Monday, November 28, 2011

November 27th Gathering

Two forms of chocolate and two kinds of tea sent our gathering off to an energetic start, commencing with the ongoing dialogue between two kinds of brothers.

Present company included myself (Mitzi), Hosty, The Borrowed Beckettian, Mr Google, and the Two Northwegians.

Section: 191.5 - 195.6

Shaun in the guise of JUSTIUS interrogates Shem in the form of MERCIUS, and the latter almost has the last word, but for creatures of his literary conjuring that he summons out of muteness. Out of cuteness too, given that "the dumb" are most likely fluffy ducklings or chicks swimming around a lacuna of the Liffey river, brought so eloquently to life in Shem's final self-defense. 

A brief bookmark in our reading of this chunk of the Wake, the strength of European glue was considered, in the cases of many of our paperbacks losing pages to the climate-suffering adhesive. This is pertinent to my own copy of FW which splits at exactly this section, pages 194-5.

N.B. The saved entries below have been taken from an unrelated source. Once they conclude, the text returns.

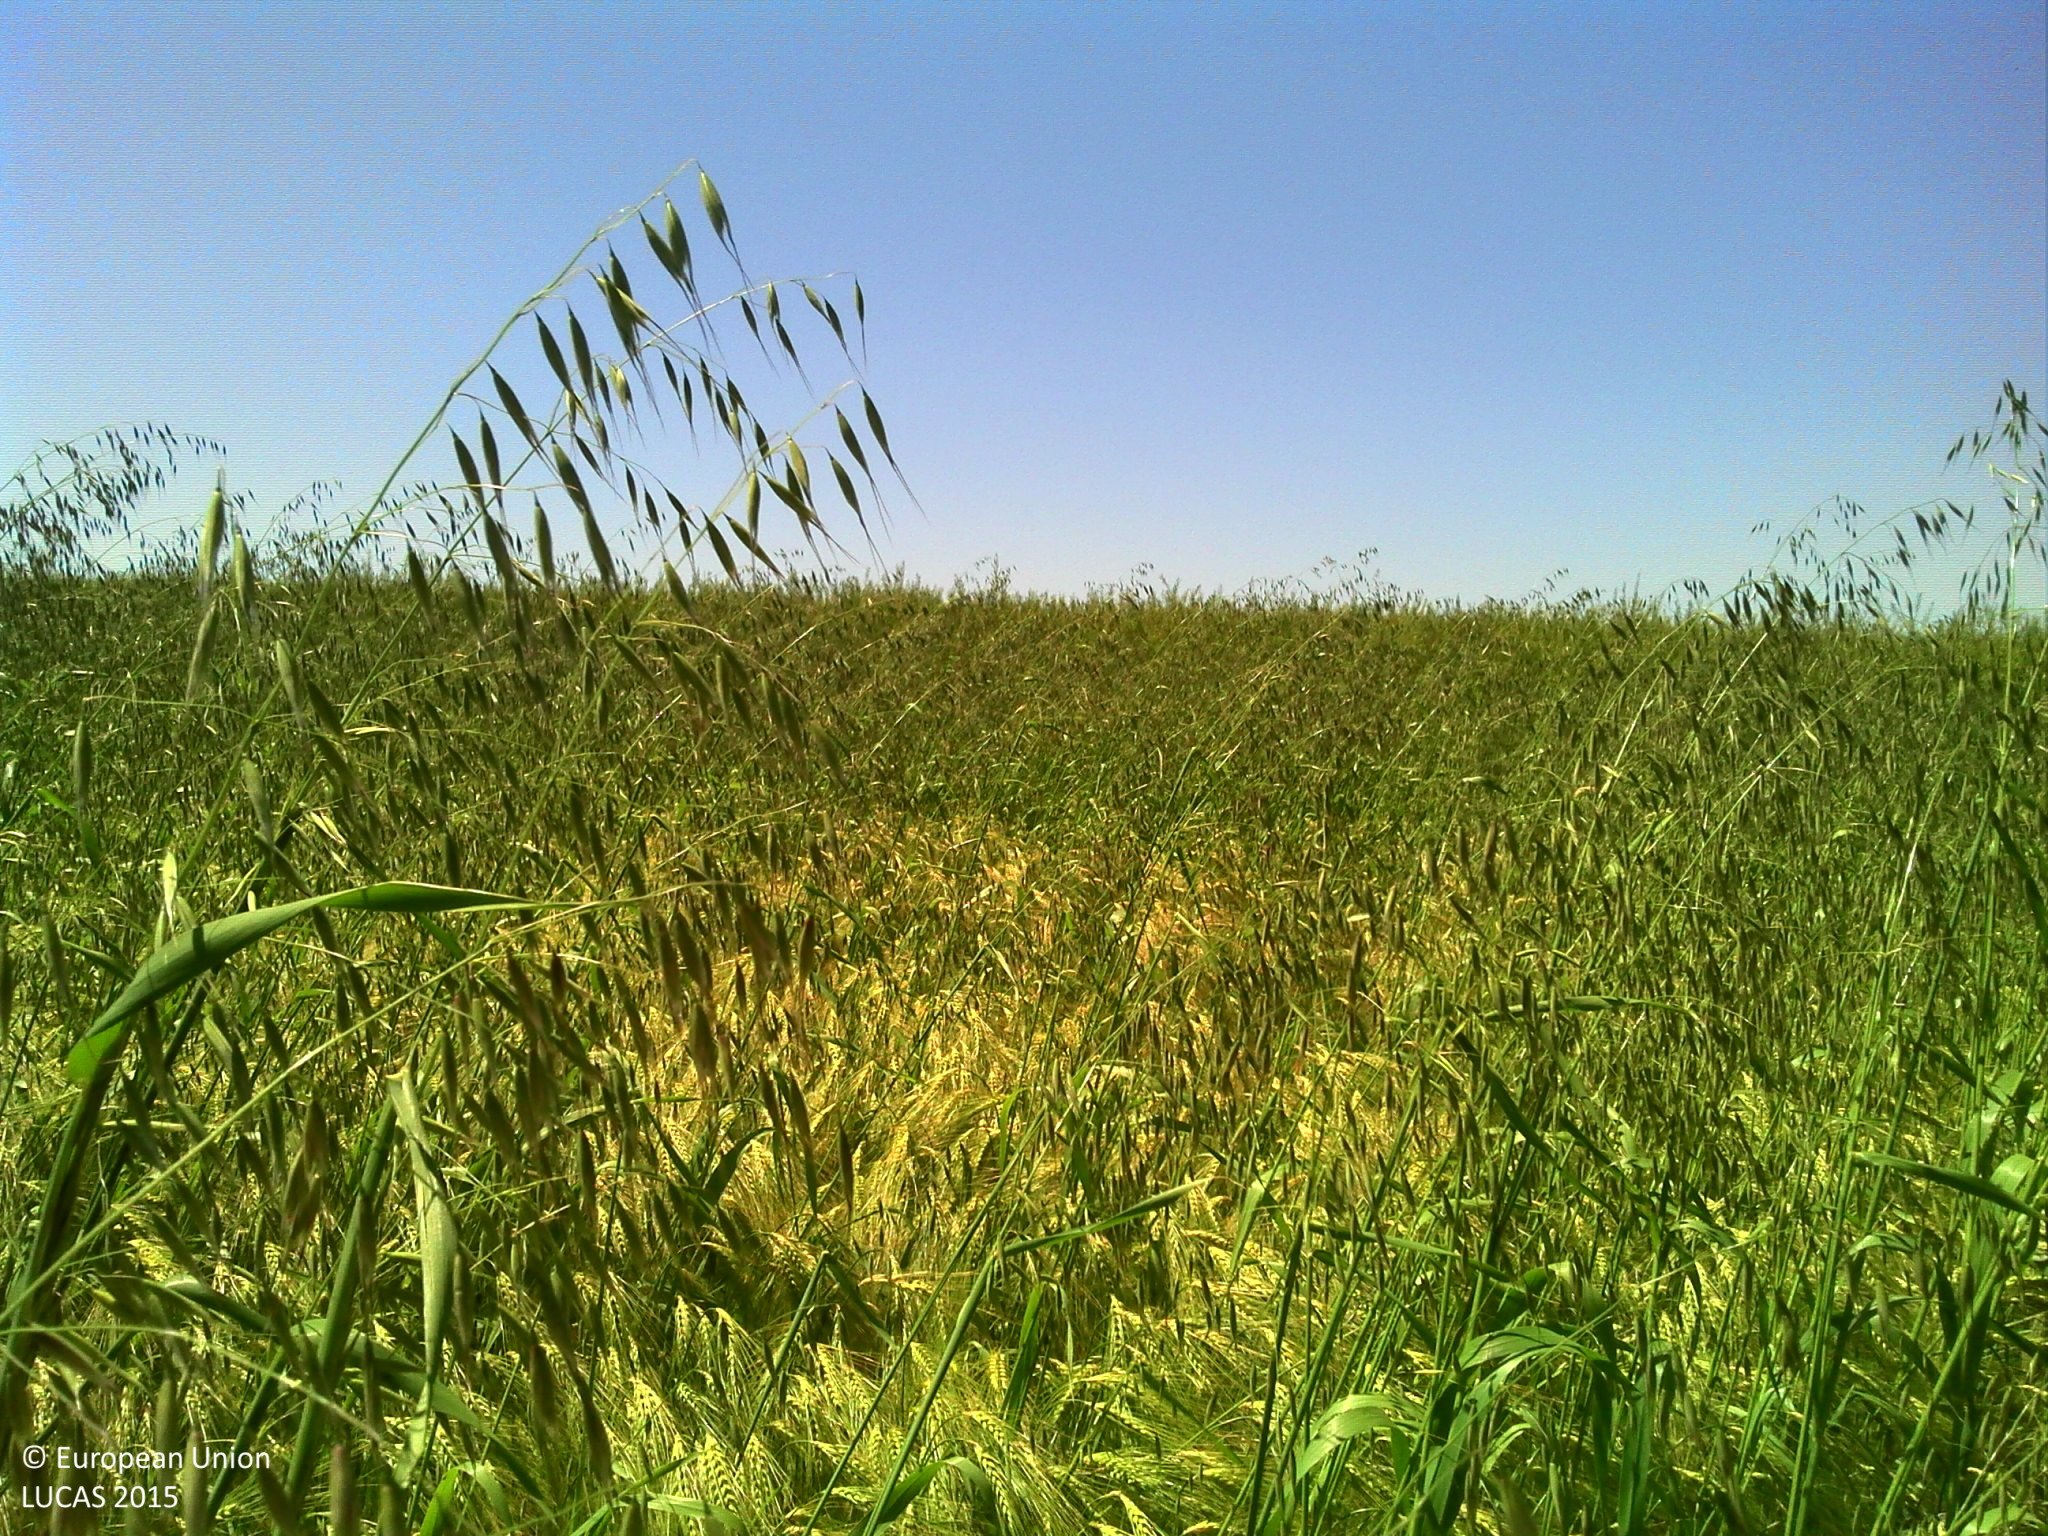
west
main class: Cropland
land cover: Mixed cereals for fodder
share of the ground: > 75 %
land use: Agriculture (excluding fallow land and kitchen gardens)
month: June
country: FR
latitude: 47.2287
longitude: 5.0479

A further brief bookmark includes two reading recommendations from Hosty. Three Men on a Bummel and Three Men in a Boat by Jerome K Jerome and How to Be Idle by Tom Hodgkinson. 

At 191.5, Shaun/JUSTIUS continues his upbraiding of Shem while their father (or 'liege') is out drinking. A first (that I've noticed) disturbing reference to Hitler ("heal helper") and a few references to Fingal. Patrimony continues here as a prominent theme. In complimenting a figure he refers to as Immaculatus, it's not super clear whether Shaun is praising a Shem-that-could-have-been, or a Shaun-that-was (ie himself.) I tentatively read the likable youth as a Jesus type, as he is "a chum of the angelets"; it turns out that Koranic references abound, and Mohammed is present as the "bosom foe", the phrase in brackets evoking The (anti-Muslim) Crusades ("not one did you slay, no, but a continent!). The language is also childish, evoking petty fraternal discord from the days of Shem n Shaun's childhood. Shaun accuses Shem of envy towards his prettier and ironically more legible brother (for a penman, Shem is a messy writer.Having his "speller" mussed at this early age must not have helped.)That may be too literal a reading, especially for a paragraph that invokes the tradition of Muslim "reporters", angels who weigh the faithful's good and bad deeds. Shaun's vision of the Good Child is so highly esteemed that the "reporters" want to play with him.

Page 191 also contains an adorable possum reference. Confirming the possum (latin, incidentally for "I can") as Australian is the delightful portmanteau on "fumtreeumption"; and we congratulated ourselves on our continuing gumtreeumption in reading the Wake.

Blatantly cruel, calling him "blethering ape", Shaun refers to the main stories that occur in the Wake, asking wether Shem has taken lessons from them: HCE/Marcon and the two girls; Buckley and the Russian General; Aesop's fables". Mean as this is, Shaun's castigation reminds us of the layered narratives of FW and that is recycled stories are like history: tales to take lessons from.

A hilarious image appears in "hatfuls of stewed fruit" and a cute new verb - "kittycoaxed" are unable to sweeten the demeanour of Shaun's critical tirade, who accuses Shem of failing as a Jesus or martyr figure; and this occurs in a surprisingly bracketed phrase, the punniest of the page - "bound to the cross of your own cruelfiction".

Your devoted blogger now has to desist from further note-taking due to sauna-like conditions. Suffice to say our session ended on a fine note, relishing the contrast between the "deathbone" and the "lifewand". The former, from Australian Aboriginal custom, curses the pointee with muteness, whereas Shem's lifewand (his pen, and possibly his penis, ew!) elicits speech.

Shem seems to trump Shaun's nay-saying and condemnation by invoking their "turfbrown mummy" and turning the tide of the tale back to the wonderful ALP for a respite from all that masculine posturing, easing us readers into the babbling waters of ... well, I think we're all just thrilled to have actually arrived at I,8, the episode of the glorious, gosipaceous washerwomen. With some luck, we might even see them on January the 1st and start the hot summer's year with our toes cooling in the water.